La sensualité pop des créatures d’Alina Szapocznikow

L e Wiels se donne le prétexte de la présidence polonaise au Conseil de l’Europe pour une collaboration avec le MOMA de New York et quelques autres musées américains. Il s’agit pour ces institutions de remettre à leur juste place les recherches de la sculptrice Alina Szapocznikow qui de 1955 à 1972, date de sa mort prématurée, a mené une expérimentation singulière autour du corps féminin.

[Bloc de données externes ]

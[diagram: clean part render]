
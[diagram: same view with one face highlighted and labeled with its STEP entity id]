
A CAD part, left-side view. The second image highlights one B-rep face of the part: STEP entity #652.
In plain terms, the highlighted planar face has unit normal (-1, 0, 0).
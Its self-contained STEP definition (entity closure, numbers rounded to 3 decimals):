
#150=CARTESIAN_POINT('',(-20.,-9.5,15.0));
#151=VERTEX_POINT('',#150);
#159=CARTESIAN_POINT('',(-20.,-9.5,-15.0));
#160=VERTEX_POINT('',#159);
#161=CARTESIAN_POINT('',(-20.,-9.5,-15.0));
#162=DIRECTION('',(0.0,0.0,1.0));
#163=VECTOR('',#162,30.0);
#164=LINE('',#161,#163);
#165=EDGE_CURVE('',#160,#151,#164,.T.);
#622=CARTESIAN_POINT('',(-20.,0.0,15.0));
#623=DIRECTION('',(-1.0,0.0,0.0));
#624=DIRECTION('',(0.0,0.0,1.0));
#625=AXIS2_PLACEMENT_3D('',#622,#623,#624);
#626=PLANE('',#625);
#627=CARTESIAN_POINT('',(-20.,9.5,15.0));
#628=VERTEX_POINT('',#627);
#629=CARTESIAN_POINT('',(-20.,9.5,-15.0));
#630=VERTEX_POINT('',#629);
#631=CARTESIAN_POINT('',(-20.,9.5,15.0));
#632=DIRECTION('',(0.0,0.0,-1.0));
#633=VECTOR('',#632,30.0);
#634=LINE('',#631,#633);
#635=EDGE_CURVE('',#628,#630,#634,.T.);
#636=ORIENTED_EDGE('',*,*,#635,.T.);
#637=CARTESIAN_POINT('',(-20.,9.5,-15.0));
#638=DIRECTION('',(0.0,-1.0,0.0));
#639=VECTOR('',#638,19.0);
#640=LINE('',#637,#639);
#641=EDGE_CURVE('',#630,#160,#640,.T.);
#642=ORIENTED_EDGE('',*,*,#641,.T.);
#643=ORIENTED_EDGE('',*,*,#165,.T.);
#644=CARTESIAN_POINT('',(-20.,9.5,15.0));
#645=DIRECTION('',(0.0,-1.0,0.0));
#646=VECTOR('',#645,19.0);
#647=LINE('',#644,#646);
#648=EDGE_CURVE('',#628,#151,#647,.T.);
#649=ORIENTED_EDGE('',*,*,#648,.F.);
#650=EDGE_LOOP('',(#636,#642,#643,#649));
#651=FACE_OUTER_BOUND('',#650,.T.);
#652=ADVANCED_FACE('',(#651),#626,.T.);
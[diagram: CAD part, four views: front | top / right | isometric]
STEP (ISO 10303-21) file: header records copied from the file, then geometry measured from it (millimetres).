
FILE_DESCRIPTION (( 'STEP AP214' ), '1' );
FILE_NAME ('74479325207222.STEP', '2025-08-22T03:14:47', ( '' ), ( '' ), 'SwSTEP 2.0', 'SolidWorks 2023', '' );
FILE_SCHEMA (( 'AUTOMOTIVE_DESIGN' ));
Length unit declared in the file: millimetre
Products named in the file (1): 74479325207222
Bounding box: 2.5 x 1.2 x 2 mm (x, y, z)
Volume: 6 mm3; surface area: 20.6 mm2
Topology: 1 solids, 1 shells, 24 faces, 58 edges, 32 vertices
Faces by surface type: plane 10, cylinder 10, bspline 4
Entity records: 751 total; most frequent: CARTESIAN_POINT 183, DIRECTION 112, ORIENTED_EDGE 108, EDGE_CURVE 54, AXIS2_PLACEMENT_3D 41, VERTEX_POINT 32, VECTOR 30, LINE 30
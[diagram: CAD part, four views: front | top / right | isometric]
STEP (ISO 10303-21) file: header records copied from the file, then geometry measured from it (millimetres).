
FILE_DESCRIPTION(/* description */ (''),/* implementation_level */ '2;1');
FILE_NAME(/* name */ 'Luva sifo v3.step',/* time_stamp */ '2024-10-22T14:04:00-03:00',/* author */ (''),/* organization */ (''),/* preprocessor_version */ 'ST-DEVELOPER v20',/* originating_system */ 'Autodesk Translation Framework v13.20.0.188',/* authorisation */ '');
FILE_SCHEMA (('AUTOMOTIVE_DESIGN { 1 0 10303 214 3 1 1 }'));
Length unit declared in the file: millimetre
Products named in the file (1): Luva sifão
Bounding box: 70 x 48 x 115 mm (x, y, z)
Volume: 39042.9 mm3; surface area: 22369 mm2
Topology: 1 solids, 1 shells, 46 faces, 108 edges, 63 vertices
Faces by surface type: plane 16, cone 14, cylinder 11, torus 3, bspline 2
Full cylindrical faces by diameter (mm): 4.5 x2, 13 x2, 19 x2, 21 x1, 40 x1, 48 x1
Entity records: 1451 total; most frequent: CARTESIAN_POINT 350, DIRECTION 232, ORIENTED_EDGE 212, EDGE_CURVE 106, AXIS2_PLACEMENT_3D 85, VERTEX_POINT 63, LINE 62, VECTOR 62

Sur les trois niveaux de l’ancienne brasserie les deux commissaires, d’origine polonaise elles aussi , Elena Filipovic et Joanna Mitkonska, ont réuni plus d’une centaine d’oeuvres, dessins, photographies et sculptures d’une grande force. Bien que les dessins préparatoires aux sculptures soient les plus nombreux tous ont une qualité graphique dont le trait dénonce les tensions internes et les contraintes sociales.

Les photographies elles aussi accompagnent les préoccupations des réalisations en trois dimensions. Observant par hasard la matière des chewing-gums et leur malléabilité elle en organise la plasticité en des cadrages serrés pour des tirages aux nuances subtiles de gris moyens.

Mais ces pratiques restent du côté de l’exercice réussi quand les premières sculptures malgré un certain classicisme donnent au corps féminin des élancements audacieux et des grâces inédites. La fusion parfaite se trouve réalisée lorsque au milieu des années 70 elle abandonne le bronze trop froid pour allier le marbre et les moulages en résine. Un autoportrait de 1968 en témoigne : le marbre blanc donne volume et sensualité à la poitrine tandis que dans la transparence circulaire de la face le carmin de la bouche annonce baiser ou cri.

De la même période une autre sculpture de marbre seul superpose de petits ventres, qui détachés de la fonctionnalité du reste du corps, hésitent entre sensualité et refus du seul horizon de la maternité. Dès lors l’ensemble de la production rejoint l’esthétique la plus engagée d’un féminisme vécu non comme une posture mais bien comme un chemin de vie.

Certaines pièces qui utilisent le caoutchouc noir montrent une autre topologie d’un corps purement organique. Les territoires intimes de la sexualité y sont cernés selon d’autres régimes de fonctionnement plus individuels que sociétaux. Dans une autre installation les ventres se multiplient encore et se trouvent confrontés à une série de pistils qui évoquent les floraisons phalliques de l’artiste japonaise Yayoi Kusam qui exerce à la même période.

On peut être tenté de rapprocher l’artiste polonaise des tenants du pop art ou de leur équivalent français des nouveaux réalistes. Elle en a connu et fréquenté les membres en même temps que leur critique Pierre Restany qui s’est intéressé à sa production. On sait que le mouvement était essentiellement masculin et ce n’est pas un hasard si la seule femme associée a cru bon de prendre le pseudo ironique de Nikki de Saint Phalle.

Alina , bien qu’elle fut la seconde épouse de l’immense graphiste Roman Cieslewicz et qu’elle résida à Paris resta solitaire et sa reconnaissance vint d’abord de son pays. Il est dommage d’ailleurs que cette grande rétrospective ne soit pas présentée en France.

Une se ses singularités fut d’allier cette exigence d’une radicalité corporelle à la séduction d’objets courants repensés dans ce qu’on appelait pas encore à l’époque le design mais qui en cherchait d’autres fonctionnalités. Ainsi ses moulages de bouche ou de seins se font lampe ou fleur vénéneuse. Et les éléments de la séduction féminine deviennent partie prenante d’un eat art sexualisé antérieur à celui que Spoerri a défendu dans sa version masculine ;

A aucun moment ces parti-pris qui pourraient apparaître décoratifs ne priment sur la violence revendiquée d’un corps qui se dévoile dans son intériorité la plus extrême, dans sa sensualité la mieux plastiquement affirmée.